Founder Citra Institute, Yusak Farchan, menilai usulan tersebut tidak tepat sasaran. Menurutnya, penambahan jumlah pimpinan hanya akan membebani birokrasi dan anggaran.
"Jika jumlahnya ditambah menjadi 9 orang, struktur lembaga justru berpotensi menjadi terlalu gemuk. Hal ini pasti berdampak pada unit-unit kerja di bawahnya yang ikut membengkak," ujar Yusak kepada RMOL, Senin, 29 Desember 2025.
Yusak menekankan bahwa efektivitas KPU, Bawaslu, dan DKPP tidak ditentukan oleh seberapa banyak orang yang duduk di kursi pimpinan. Persoalan krusial yang seharusnya dibenahi adalah bagaimana lembaga-lembaga ini menjaga jarak dari kepentingan politik.
"Masalah utama penyelenggara pemilu kita bukan soal kekurangan orang, tapi soal independensi dan akuntabilitas kelembagaan. Apakah mereka berani jujur dan bertanggung jawab?
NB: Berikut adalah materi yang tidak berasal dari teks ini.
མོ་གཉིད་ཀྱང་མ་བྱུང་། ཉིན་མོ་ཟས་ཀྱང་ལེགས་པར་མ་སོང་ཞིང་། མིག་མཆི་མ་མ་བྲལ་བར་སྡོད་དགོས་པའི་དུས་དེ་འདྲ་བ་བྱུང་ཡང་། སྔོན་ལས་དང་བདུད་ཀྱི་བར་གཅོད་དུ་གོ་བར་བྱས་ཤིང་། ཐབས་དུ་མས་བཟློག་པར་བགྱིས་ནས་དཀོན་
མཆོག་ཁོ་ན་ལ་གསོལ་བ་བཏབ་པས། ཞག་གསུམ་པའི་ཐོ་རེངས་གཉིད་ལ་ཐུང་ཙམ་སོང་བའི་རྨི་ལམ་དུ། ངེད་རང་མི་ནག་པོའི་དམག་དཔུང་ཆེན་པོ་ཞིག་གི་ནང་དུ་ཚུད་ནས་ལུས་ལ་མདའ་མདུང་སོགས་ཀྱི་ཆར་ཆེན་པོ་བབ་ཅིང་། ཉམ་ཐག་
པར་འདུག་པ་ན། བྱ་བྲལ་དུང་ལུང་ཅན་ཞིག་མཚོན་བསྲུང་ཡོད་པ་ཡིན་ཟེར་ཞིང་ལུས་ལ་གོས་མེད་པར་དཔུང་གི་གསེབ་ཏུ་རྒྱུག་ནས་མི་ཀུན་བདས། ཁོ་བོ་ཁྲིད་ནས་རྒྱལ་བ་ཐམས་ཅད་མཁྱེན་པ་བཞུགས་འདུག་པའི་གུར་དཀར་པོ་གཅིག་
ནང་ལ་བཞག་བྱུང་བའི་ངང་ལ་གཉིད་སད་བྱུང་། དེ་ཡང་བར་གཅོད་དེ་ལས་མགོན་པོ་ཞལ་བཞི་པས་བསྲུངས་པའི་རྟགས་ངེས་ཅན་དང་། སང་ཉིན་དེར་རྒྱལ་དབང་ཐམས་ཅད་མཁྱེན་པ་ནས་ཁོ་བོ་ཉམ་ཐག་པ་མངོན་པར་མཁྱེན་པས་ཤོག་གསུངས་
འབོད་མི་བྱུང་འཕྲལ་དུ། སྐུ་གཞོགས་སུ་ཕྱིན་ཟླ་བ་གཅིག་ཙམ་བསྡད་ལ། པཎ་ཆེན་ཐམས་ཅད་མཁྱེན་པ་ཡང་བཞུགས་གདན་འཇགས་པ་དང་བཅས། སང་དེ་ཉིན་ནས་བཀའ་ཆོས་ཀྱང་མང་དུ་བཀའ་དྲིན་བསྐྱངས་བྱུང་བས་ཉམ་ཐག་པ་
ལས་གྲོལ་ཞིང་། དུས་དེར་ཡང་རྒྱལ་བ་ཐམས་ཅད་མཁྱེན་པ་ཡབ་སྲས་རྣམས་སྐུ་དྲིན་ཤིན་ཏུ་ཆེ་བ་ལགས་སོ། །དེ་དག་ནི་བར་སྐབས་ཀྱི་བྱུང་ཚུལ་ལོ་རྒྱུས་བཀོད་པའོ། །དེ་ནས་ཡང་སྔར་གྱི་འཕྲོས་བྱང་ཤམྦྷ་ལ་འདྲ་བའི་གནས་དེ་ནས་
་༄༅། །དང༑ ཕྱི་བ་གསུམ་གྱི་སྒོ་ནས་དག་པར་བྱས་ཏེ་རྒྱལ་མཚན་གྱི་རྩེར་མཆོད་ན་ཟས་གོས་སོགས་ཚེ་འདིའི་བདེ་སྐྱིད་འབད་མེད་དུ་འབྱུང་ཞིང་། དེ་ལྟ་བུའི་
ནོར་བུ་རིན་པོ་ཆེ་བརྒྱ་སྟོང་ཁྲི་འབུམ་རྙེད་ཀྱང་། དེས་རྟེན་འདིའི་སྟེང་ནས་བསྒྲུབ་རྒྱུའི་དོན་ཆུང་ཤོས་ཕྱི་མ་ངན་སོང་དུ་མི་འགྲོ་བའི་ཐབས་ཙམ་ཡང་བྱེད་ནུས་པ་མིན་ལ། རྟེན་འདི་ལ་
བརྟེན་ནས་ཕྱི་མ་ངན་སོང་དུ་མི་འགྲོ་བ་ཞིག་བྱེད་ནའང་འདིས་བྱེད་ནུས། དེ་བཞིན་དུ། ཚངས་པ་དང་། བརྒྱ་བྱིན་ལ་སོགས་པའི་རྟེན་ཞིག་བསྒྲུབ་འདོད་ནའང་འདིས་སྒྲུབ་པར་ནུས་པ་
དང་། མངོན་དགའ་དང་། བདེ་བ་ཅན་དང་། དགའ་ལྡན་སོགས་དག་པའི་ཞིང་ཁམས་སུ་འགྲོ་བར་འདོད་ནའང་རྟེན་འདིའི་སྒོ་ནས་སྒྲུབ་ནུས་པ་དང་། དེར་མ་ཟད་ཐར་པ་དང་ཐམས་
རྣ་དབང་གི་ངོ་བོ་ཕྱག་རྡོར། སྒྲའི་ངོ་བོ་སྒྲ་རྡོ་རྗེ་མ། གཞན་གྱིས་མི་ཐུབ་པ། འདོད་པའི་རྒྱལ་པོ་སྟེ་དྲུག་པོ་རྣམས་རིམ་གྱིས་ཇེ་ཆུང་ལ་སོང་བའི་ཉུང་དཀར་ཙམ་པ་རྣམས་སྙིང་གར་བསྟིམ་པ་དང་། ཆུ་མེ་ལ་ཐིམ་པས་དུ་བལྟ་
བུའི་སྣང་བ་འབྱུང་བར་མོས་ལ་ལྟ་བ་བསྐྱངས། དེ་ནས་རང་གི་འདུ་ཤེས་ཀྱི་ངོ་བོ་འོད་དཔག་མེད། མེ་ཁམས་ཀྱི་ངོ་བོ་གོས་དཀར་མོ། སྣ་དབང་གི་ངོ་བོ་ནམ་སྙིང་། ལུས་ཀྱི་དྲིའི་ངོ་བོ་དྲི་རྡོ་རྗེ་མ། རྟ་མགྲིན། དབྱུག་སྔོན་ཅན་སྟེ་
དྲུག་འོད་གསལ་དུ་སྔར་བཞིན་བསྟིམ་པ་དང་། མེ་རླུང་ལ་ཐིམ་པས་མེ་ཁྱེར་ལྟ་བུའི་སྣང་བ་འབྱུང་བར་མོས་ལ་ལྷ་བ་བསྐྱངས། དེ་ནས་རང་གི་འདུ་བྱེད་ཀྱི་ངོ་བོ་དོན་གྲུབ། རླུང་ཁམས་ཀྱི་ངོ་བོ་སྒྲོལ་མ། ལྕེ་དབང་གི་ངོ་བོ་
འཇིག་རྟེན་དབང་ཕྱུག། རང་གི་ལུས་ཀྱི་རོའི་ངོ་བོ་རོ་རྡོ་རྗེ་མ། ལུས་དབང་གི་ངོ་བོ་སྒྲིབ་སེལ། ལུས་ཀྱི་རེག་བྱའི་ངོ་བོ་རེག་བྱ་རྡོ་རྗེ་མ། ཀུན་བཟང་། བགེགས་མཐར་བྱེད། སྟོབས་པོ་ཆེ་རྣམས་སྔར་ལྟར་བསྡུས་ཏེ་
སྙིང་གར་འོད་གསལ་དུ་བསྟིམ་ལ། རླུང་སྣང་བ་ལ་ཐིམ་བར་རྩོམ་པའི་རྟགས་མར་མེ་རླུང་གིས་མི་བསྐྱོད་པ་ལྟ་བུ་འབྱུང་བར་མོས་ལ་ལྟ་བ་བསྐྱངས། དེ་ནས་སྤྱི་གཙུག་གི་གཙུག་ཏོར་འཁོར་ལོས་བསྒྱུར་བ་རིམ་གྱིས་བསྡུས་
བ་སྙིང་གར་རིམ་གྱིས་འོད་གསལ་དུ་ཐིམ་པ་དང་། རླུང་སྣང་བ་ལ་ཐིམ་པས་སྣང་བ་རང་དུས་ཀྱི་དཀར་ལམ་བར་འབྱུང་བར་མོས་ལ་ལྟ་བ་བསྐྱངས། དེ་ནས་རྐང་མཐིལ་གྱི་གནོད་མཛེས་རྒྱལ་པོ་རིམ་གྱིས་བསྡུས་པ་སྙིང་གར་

Itu intinya," tegas Magister Ilmu Politik Universitas Nasional (UNAS) tersebut.
Saat ini, komposisi 7 anggota di tingkat pusat dianggap sudah ideal dan memiliki alasan historis yang kuat. Jumlah ganjil tersebut sengaja dipilih oleh legislatif untuk memastikan proses pengambilan keputusan berjalan efektif.
"Angka tujuh itu hasil pertimbangan matang agar lembaga kuat dan efektif. Jumlah ganjil sangat penting dalam rapat pleno untuk menghindari kebuntuan (*deadlock*) saat pemungutan suara," tambah Yusak.
Ia menyimpulkan bahwa daripada sibuk menambah kursi jabatan, pemerintah lebih baik fokus pada penguatan sistem pemilu serentak agar lebih akuntabel dan bersih dari intervensi.